12. March 2018
GDPR Legal Issues: Protection of Personal Data
In this article, we will focus on the first of the two new legal instruments created as part of the GDPR, specifically, the general regulation regarding the protection of personal data and as a tool to strengthen individual rights.
The new EU privacy regulation in detail
In January 2016, the European Union published a draft of the new General Data Protection Regulation (GDPR) which will replace the existing EU legislation on the protection of personal data the Data Protection Directive adopted in 1995 (officially Directive 95/46/EC).
In May 2016, the General Data Protection Regulation was published in the Official Journal of the European Union. As with all European regulations, the GDPR entered into force throughout the EU 20 days after its publication (i.e. on May 25th 2016). The regulation stipulates a two year transition period to comply and come into line with the new legal provisions which means that it will be fully applicable from May 25th 2018.
The new regulation is a global milestone in terms of legislation regarding data processing and will serve to strengthen existing rights and give individuals more powers and control over their personal data while creating business opportunities and encouraging innovation.
GDPR – Strengthening the rights of individuals
The Regulation covers both consumers and businesses and is primarily intended to strengthen existing rights and provide individuals with more control over their personal data, especially regarding:
- Simplified access to data: People will have more information about how their data is processed. This information will have to be presented in a clear and comprehensible manner;
- Right to data transferability: it will be easier to transfer your personal data between different service providers;
- Right to be forgotten: if an individual no longer wants their data to be processed, and can prove that there is no reason for the data to be stored, then their data must be deleted;
- Processing of children’s personal data: conditions are introduced regarding the legality of the processing of a child’s personal data for information services offered directly to the child;
- Right to know when data has been violated: companies and organisations must notify national supervisory authorities as soon as possible in the event of serious personal data breaches so that users can take appropriate measures.
In our next article, we will continue to focus on these two new legal instruments, and further analyse and clarify relevant aspects of the new European Data Protection Regulation regarding commercial issues including GDPR business opportunities and innovation.

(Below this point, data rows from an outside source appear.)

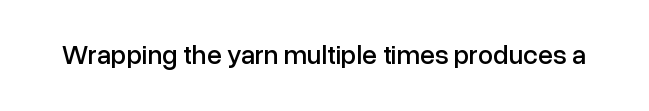
The image shows 27 px text type, upright; set normal letter spacing, not underlined.
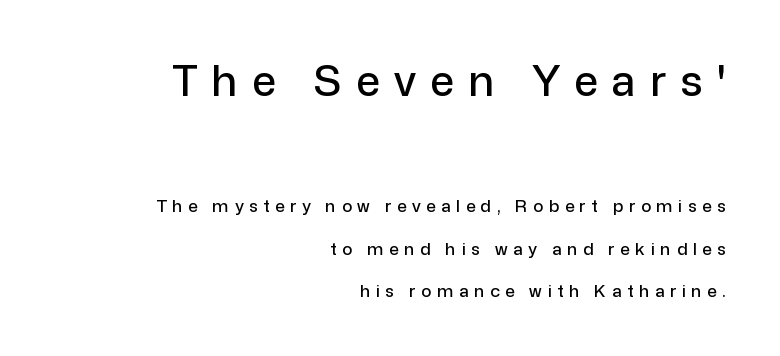
Q: Is the text italic (slanted)? A: No, it is upright.
Q: Is the typeface a serif or a sans-serif typeface? A: Sans-serif.
Q: Is the text underlined? A: No.
Q: How is the paragraph aligned? A: Right-aligned.
Q: Is the spacing between letters normal or unusually wide? A: Unusually wide.
Q: Is the spacing between lines tight, normal or loose? A: Loose.
Q: Which block of text is set in a larger size, the first (top) or the second (bottom)? A: The first (top) one.
Q: Width (condensed, normal, or wide)? A: Normal.
Q: Stroke contrast? A: Low.
Q: x-height? A: Medium.
Q: Monospaced? A: No.
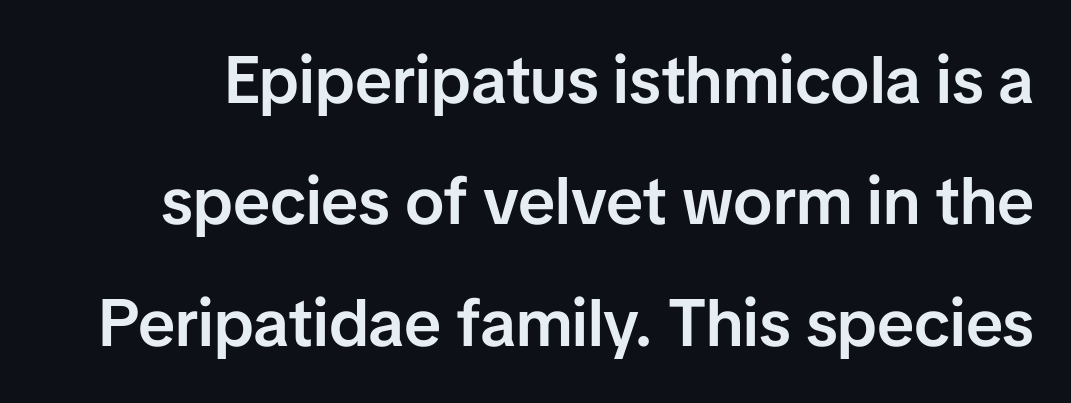
{"serif": "no", "italic": "no", "bold": "semi", "weight": "semibold", "width": "normal", "stroke_contrast": "low", "x_height": "medium", "monospaced": "no", "underline": "no", "line_spacing_ratio": 1.84, "letter_spacing": "normal", "letter_spacing_em": 0.0, "glyph_px": 66}

AMAGNO has been designed and built with regulatory compliance in mind, meeting even the most modern data protection framework like the new GDPR and as an ECM or DMS can be the perfect foundation for your data protection strategy.
GDPR – A Legal Milestone for the Digital Era
The GDPR is based on Article 16 of the Treaty on the Functioning of the European Union (TFEU), which allows the adoption of legislation on the protection of individuals with regard to the processing of personal data. This includes the adoption of legislation on the free exchange of personal data, including personal data processed by Member States or private parties.

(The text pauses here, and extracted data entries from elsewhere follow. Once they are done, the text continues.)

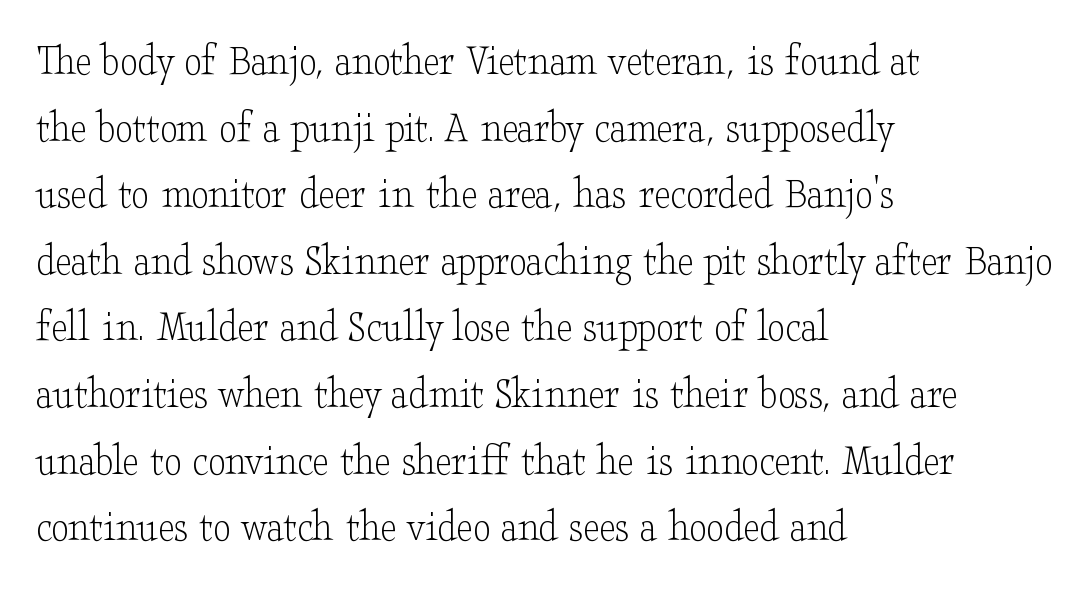
Q: Is the text bold? A: No.
Q: Is the text italic (slanted)? A: No, it is upright.
Q: Is the typeface a serif or a sans-serif typeface? A: Serif.
Q: Is the text underlined? A: No.
Q: How is the paragraph aligned? A: Left-aligned.
Q: Is the spacing between letters normal or unusually wide? A: Normal.
Q: Is the spacing between lines tight, normal or loose? A: Normal.
Q: Width (condensed, normal, or wide)? A: Wide.
Q: Stroke contrast? A: Low.
Q: x-height? A: Small.
Q: Monospaced? A: No.
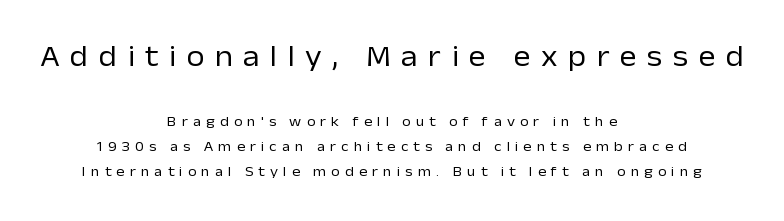
{"serif": "no", "italic": "no", "bold": "no", "weight": "regular", "width": "normal", "stroke_contrast": "low", "x_height": "medium", "monospaced": "no", "underline": "no", "align": "center", "line_spacing_ratio": 1.79, "letter_spacing": "wide", "letter_spacing_em": 0.36, "larger_block": "first", "size_ratio": 2.07, "glyph_px": 29}
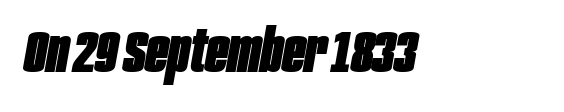
Q: Is the text bold? A: Yes.
Q: Is the text italic (slanted)? A: Yes, it leans right by about 10 degrees.
Q: Is the text underlined? A: No.
Q: Is the spacing between letters normal or unusually wide? A: Normal.
Q: Width (condensed, normal, or wide)? A: Condensed.
Q: Stroke contrast? A: Low.
Q: x-height? A: Large.
Q: Monospaced? A: No.
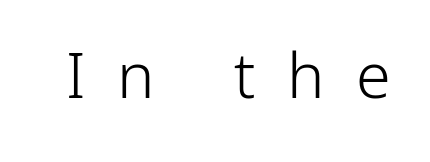
The image shows 63 px light sans-serif type, upright; set unusually wide letter spacing (+0.5 em), not underlined; low stroke contrast and a medium x-height.
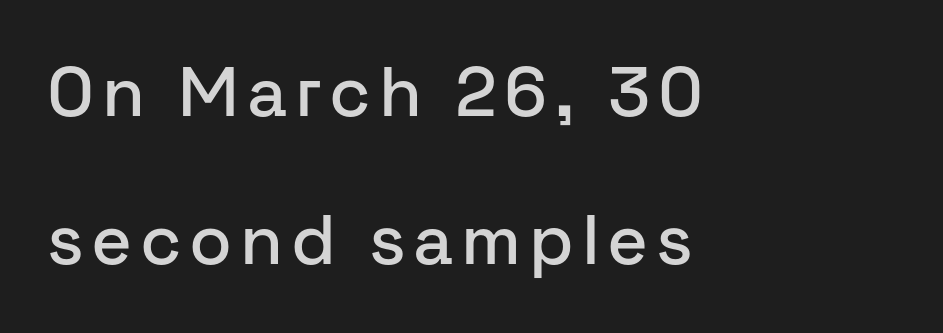
Q: Is the text italic (slanted)? A: No, it is upright.
Q: Is the typeface a serif or a sans-serif typeface? A: Sans-serif.
Q: Is the text underlined? A: No.
Q: How is the paragraph aligned? A: Left-aligned.
Q: Is the spacing between lines tight, normal or loose? A: Loose.
Q: Width (condensed, normal, or wide)? A: Normal.
Q: Stroke contrast? A: Low.
Q: x-height? A: Medium.
Q: Monospaced? A: No.
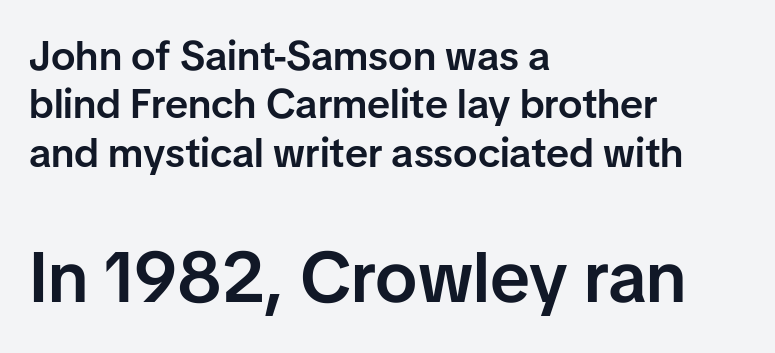
The letters sit at their default tracking, neither squeezed nor spread. Firm but not heavy-handed strokes: this text is semibold. Is the block centered? No — it sits flush against the left margin. In terms of letterform style, serifs are entirely absent. The glyphs are unaccompanied by any horizontal stroke below them. Which of the two is more prominent by size? The second, at the bottom.
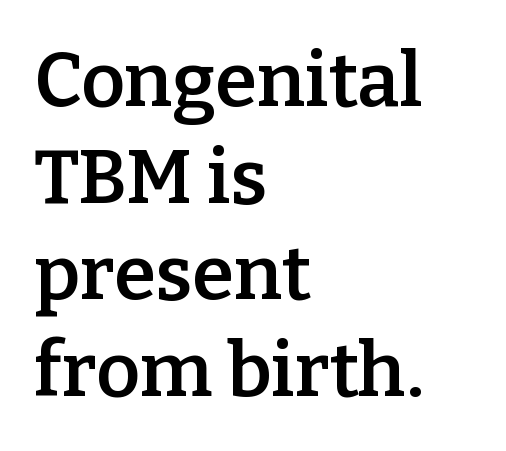
Line beginnings align vertically; line endings do not. Letters rest on an invisible, unmarked baseline. The font's upright variant was chosen for this text. The rows are spaced the way most documents space them. The font is running at a semibold setting, under full bold.
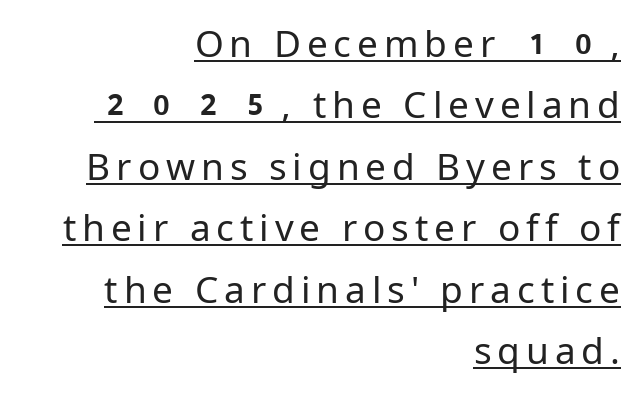
The image shows 37 px regular-weight sans-serif type, upright; set right-aligned, normal line spacing (1.66x), underlined; low stroke contrast and a medium x-height.
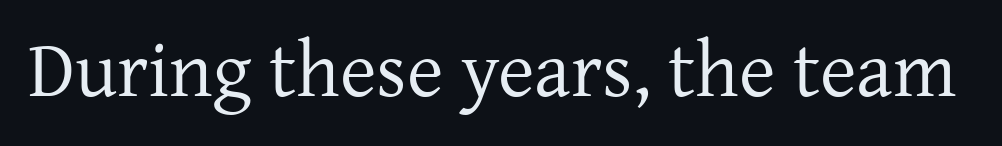
{"serif": "yes", "italic": "no", "bold": "no", "weight": "regular", "width": "normal", "stroke_contrast": "low", "x_height": "medium", "monospaced": "no", "underline": "no", "letter_spacing": "normal", "letter_spacing_em": 0.0, "glyph_px": 79}
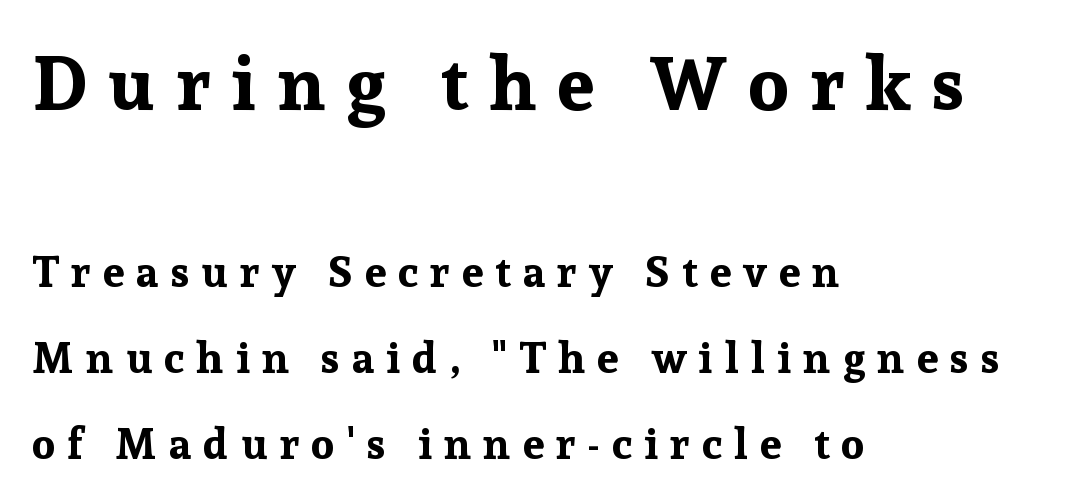
Leading is clearly above the norm, producing a sparse column. Here the designer chose a conventional face with non-uniform glyph widths. The passage shown is not underscored anywhere. In terms of letterspacing, this is a distinctly airy, spread setting.
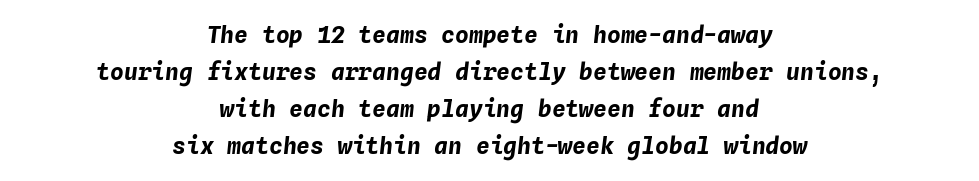
{"italic": "yes", "lean": "right", "slant_degrees": 4, "bold": "yes", "underline": "no", "align": "center", "line_spacing": "normal", "line_spacing_ratio": 1.61, "letter_spacing": "normal", "letter_spacing_em": 0.0, "glyph_px": 23}
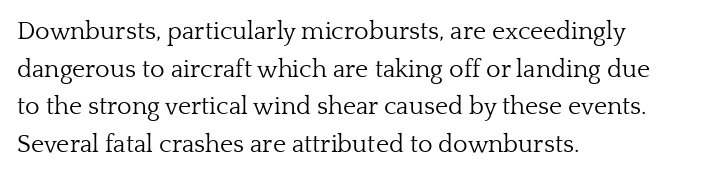
{"italic": "no", "bold": "no", "underline": "no", "align": "left", "line_spacing": "normal", "line_spacing_ratio": 1.51, "letter_spacing": "normal", "letter_spacing_em": 0.0, "glyph_px": 25}

The reform creates two legal instruments:
- A General Regulation regarding the protection of personal data directly concerning the collection and elaboration of personal data and the free movement of such data (which is what we are generally most interested in, as business and consumers);
- The Data Protection Directive on Police and Criminal Justice Cooperation, which will ensure that data relating to victims, witnesses and individuals suspected of a crime are duly protected during an investigation or the enforcement of a criminal sentence. Similarly, more harmonised laws will facilitate cooperation between police or prosecutors in neighbouring countries to combat crime and terrorism effectively across Europe.

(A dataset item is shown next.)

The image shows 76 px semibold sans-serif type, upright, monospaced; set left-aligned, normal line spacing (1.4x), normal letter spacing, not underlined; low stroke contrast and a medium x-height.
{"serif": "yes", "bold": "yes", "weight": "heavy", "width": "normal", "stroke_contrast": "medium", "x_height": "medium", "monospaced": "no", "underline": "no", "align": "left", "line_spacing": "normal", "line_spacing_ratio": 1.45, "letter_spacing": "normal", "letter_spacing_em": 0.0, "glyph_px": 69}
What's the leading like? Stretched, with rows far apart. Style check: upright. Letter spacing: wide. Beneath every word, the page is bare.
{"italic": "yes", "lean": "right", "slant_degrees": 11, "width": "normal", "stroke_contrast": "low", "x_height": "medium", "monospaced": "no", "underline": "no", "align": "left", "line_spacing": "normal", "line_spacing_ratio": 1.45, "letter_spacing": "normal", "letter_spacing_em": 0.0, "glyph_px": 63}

It is important to clarify that the GDPR is a regulation, not a directive as in the case of the previous EU legislation on the topic of data protection: Directive 95/46/EC. These two terms are often erroneously used as synonyms, in reality, they have very different meanings. A directive is adopted throughout the European Union and then implemented through the legislation of individual countries (i.e. it is incorporated by each individual State and converted into part of their national law) whereas a regulation, once adopted, becomes immediately applicable as a law in all EU States simultaneously.